Within the 17 Sustainable Development Goals established by the United Nations, Sustainable Development Goal 6 is: “Ensure the availability and sustainable management of water and sanitation for all.”2 The goal of Target 6.1 is: “By 2030, achieve universal and equitable access to safe and affordable drinking-water for all” and to ensure that populations are “using safely managed drinking-water services.” Previously, the Millennium Development Goals focused on providing access to water but lacked provisions for improved water quality. This was a gap in efforts needed to move forward in achieving SDG 6.
Important in reaching these development goals is the implementation of WSPs along with an understanding of how they effectively address water sustainability, sanitation and hygiene issues leading to the production of consistent and safe drinking-water supplies. To be successful, a supportive organizational culture is critical among water suppliers and WSP stakeholders. In other words, implementation of this new risk-management process should be perceived as a net benefit and not a punishment for water suppliers.2
Although WSPs have been utilized previously, in 2004, the World Health Organization published the third revision of the WHO Guidelines for Drinking-water Quality to highlight a broad-spectrum WSP approach for managing drinking-water quality and risks from catchment to consumer. Since then, numerous add-on guides have been published, including a step-by-step risk management manual for drinking-water suppliers.3 The general WSP steps include:
a. Preliminary actions, including assembling the WSP team
2. System assessment
a. Describe the water supply system.
b. Identify hazards and risks.
c. Determine and validate control measures, reassess and prioritize risks.

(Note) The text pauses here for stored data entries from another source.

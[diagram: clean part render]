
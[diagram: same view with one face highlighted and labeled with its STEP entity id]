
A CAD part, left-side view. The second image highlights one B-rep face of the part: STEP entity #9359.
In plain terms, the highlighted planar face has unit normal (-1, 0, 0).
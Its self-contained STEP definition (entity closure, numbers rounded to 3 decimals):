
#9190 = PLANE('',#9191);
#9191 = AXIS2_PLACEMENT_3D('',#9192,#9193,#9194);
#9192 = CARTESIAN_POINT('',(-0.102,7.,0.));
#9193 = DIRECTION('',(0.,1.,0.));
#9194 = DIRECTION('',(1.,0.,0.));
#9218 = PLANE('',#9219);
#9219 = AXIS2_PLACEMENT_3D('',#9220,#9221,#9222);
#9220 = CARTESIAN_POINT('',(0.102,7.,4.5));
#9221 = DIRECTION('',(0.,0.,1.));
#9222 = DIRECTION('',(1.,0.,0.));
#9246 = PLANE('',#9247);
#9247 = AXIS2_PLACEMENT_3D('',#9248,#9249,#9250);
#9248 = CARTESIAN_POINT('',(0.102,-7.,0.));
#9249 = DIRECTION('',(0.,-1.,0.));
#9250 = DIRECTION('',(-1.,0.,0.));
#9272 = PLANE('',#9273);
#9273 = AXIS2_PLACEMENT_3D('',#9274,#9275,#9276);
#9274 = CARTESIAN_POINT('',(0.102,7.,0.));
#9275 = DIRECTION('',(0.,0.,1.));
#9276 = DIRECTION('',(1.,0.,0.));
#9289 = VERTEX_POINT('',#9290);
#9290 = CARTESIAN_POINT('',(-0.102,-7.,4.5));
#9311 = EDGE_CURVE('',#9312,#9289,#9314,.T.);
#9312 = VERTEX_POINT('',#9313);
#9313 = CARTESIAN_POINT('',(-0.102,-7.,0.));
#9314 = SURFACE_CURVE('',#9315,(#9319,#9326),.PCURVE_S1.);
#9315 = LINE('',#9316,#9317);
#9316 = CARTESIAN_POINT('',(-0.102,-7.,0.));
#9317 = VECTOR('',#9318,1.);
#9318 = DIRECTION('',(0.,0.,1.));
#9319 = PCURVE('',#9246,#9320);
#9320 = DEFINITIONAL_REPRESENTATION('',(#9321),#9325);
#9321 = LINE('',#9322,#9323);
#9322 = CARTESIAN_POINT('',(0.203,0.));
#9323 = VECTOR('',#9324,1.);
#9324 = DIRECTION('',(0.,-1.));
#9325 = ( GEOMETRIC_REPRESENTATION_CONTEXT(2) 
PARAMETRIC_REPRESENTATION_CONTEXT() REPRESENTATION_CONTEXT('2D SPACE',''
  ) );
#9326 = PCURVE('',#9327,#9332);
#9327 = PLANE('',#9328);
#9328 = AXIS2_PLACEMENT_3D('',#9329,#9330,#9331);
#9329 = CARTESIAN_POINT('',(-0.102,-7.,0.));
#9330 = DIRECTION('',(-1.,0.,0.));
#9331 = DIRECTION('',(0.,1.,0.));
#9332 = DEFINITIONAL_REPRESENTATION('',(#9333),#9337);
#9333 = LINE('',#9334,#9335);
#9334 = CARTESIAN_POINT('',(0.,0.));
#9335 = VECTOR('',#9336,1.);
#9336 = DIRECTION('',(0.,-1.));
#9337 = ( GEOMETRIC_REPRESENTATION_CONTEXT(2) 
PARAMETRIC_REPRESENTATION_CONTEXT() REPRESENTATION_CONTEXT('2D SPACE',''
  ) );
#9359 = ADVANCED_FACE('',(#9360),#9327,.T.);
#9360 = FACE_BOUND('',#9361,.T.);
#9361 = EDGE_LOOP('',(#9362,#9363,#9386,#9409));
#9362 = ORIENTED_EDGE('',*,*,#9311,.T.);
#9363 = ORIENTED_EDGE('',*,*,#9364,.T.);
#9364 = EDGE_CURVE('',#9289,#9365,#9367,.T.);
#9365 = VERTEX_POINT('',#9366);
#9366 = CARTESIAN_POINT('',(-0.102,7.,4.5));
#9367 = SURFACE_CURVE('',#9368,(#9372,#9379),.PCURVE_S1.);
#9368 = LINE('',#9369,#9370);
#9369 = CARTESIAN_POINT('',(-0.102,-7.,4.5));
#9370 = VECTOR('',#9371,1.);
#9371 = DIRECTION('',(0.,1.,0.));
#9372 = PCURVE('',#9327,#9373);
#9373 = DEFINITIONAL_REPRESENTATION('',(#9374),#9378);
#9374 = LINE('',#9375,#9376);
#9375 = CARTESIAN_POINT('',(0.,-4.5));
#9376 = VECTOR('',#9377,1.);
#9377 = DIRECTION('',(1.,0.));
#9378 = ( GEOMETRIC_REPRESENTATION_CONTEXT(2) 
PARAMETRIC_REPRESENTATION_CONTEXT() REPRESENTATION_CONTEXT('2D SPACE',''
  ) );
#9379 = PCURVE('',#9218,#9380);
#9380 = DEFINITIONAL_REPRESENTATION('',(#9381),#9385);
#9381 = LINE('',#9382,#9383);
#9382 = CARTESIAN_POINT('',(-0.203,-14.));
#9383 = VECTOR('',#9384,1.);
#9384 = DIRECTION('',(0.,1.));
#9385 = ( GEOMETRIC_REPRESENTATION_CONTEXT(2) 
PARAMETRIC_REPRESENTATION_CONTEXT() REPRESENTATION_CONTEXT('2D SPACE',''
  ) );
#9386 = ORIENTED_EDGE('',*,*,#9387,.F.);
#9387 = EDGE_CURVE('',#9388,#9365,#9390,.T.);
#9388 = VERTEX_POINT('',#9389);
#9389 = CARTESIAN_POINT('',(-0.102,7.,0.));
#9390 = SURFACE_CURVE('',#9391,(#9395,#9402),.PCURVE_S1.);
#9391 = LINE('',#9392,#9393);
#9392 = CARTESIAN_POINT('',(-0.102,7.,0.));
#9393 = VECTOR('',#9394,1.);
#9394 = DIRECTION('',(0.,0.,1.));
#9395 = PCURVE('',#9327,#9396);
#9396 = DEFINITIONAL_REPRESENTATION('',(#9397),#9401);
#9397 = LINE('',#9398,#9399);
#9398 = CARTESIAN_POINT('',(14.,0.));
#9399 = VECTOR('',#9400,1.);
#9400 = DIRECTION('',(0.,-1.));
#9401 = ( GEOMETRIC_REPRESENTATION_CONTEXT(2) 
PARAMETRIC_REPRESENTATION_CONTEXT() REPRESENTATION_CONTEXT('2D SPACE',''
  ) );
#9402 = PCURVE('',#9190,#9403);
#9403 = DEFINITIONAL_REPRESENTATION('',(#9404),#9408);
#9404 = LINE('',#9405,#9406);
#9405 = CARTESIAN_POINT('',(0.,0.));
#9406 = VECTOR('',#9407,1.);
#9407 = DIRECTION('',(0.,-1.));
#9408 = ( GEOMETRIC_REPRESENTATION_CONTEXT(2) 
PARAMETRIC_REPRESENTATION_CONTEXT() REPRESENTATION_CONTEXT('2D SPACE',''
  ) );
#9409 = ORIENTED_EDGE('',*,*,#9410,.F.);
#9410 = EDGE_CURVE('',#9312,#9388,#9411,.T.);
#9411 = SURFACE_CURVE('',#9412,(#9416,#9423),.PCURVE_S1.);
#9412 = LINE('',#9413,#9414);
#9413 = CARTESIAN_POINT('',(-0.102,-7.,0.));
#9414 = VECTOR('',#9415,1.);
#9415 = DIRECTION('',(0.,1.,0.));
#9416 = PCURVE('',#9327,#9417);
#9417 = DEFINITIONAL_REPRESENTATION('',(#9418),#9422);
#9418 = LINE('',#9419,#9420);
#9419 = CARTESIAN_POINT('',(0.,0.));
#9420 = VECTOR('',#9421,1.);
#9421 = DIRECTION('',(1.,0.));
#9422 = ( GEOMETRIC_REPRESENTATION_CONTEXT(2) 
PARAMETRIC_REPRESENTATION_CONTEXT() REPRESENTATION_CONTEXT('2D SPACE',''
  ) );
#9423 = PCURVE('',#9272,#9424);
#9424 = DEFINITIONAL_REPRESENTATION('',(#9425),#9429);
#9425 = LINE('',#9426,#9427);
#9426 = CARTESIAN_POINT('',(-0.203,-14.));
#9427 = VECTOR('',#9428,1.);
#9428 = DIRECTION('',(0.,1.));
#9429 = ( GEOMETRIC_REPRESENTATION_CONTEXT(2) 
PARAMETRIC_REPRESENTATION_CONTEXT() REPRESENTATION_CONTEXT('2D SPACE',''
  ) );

d. Develop, implement and maintain an improvement/upgrade plan.
3. Operational monitoring
a. Define monitoring and control measures.
b. Verify the effectiveness of the WSP (are health-based targets being met?).

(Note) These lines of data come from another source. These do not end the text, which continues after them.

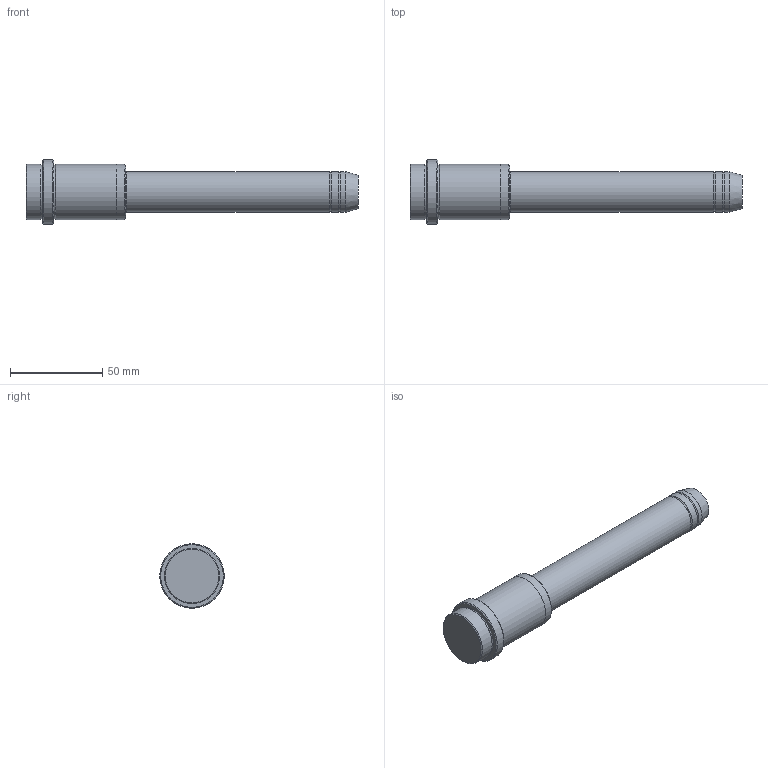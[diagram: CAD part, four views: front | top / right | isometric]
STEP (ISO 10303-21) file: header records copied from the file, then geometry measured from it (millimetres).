
FILE_DESCRIPTION( ( 'Unknown' ), '1' );
FILE_NAME( 'GC2S_22x45x126.stp', 'Unknown', ( 'Unknown' ), ( 'Unknown' ), 'XStep 1.0', 'Unknown', ' ' );
FILE_SCHEMA( ( 'CONFIG_CONTROL_DESIGN' ) );
Length unit declared in the file: millimetre
Products named in the file (1): 1
Bounding box: 180 x 35 x 35 mm (x, y, z)
Volume: 86997 mm3; surface area: 15710.4 mm2
Topology: 1 solids, 1 shells, 23 faces, 44 edges, 27 vertices
Faces by surface type: cylinder 7, plane 6, torus 5, cone 5
Full cylindrical faces by diameter (mm): 22 x3, 29.999 x2, 30 x1, 35 x1
Entity records: 499 total; most frequent: DIRECTION 92, CARTESIAN_POINT 68, AXIS2_PLACEMENT_3D 46, EDGE_LOOP 44, ORIENTED_EDGE 44, FACE_OUTER_BOUND 35, ADVANCED_FACE 23, EDGE_CURVE 22

4. Management and communication
a. Prepare management procedures.
b. Develop supporting programs.
Steps associated with the system assessment/upgrade plan include the identification of financial investment needs for major system modification. Part of the management and communication follow-up is to periodically review the WSP for any changes required or system changes that evolved over time. Additionally, any incidents that occur along the way, as either part of the operational monitoring discoveries or an event emergency (i.e., an outbreak or illness case), require an immediate revision of the WSP to address the incident causes.
Key to the success of a WSP is the dynamic nature of the procedure, which requires consistent evaluation, verification and response to adapt to specific utility needs. The WHO WSP guideline is applicable to a range of supply types including: large-scale, urban water treatment utilities, shared rural-piped supply stations or individual wells.

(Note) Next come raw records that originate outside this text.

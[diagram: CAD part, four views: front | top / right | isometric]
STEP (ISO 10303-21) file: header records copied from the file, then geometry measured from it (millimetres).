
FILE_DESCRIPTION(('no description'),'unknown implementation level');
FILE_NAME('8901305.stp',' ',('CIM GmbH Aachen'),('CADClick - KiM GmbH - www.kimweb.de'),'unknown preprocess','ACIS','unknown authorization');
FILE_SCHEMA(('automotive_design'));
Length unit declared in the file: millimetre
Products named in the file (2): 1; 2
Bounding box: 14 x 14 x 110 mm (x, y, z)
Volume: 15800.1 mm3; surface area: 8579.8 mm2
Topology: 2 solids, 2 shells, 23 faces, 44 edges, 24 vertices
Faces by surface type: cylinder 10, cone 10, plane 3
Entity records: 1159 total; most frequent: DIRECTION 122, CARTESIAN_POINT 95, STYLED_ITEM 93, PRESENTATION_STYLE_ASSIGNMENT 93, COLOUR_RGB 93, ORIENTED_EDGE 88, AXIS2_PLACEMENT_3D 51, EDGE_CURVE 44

WSP benefits include assessment and management of supplies from catchment to consumer and adaptability to local regions, while considering the inherent challenges within those regions. Implementation of the WSP approach has been rapid for some but not all countries and regions. In the 15 years since publication of the 2004 WHO WSP guidance, more than 93 countries have implemented WSPs.4 Evidence of WSP adaptability is that nearly 72 percent of countries implementing the approach are doing so in limited-resource, rural settings.
A recent article in the International Journal of Hygiene and Environmental Health reviewed some of the barriers and resources available for WSP capacity building and training for utilities, governments and other stakeholders.2 (Barriers to implementation continue to be financial, where sustainable investments, labor and training, and auditing practices are limited.) A variety of tools have been used to overcome site-specific barriers.5 Online training helped to launch the implementation of WSPs in some countries. Additionally, manuals were created in local languages to improve use. Financial incentives proved effective for others. For example, in Scotland, only suppliers with a risk-assessment plan were eligible for utility improvement grants. For many regions, the biggest adoption of WSPs occurred only after national, enforceable regulations required such compliance.
Data is building in support of WSPs, not only as a health risk management tool but also a cost benefit.5 For example, significant operational expense savings have been reported from adopters in Australia, with an estimated savings from reduced operational expenses of $7,500 to $38,000 per incident. Public utilities in Portugal reported a 56-percent reduction in laboratory testing and operating costs following WSP implementation.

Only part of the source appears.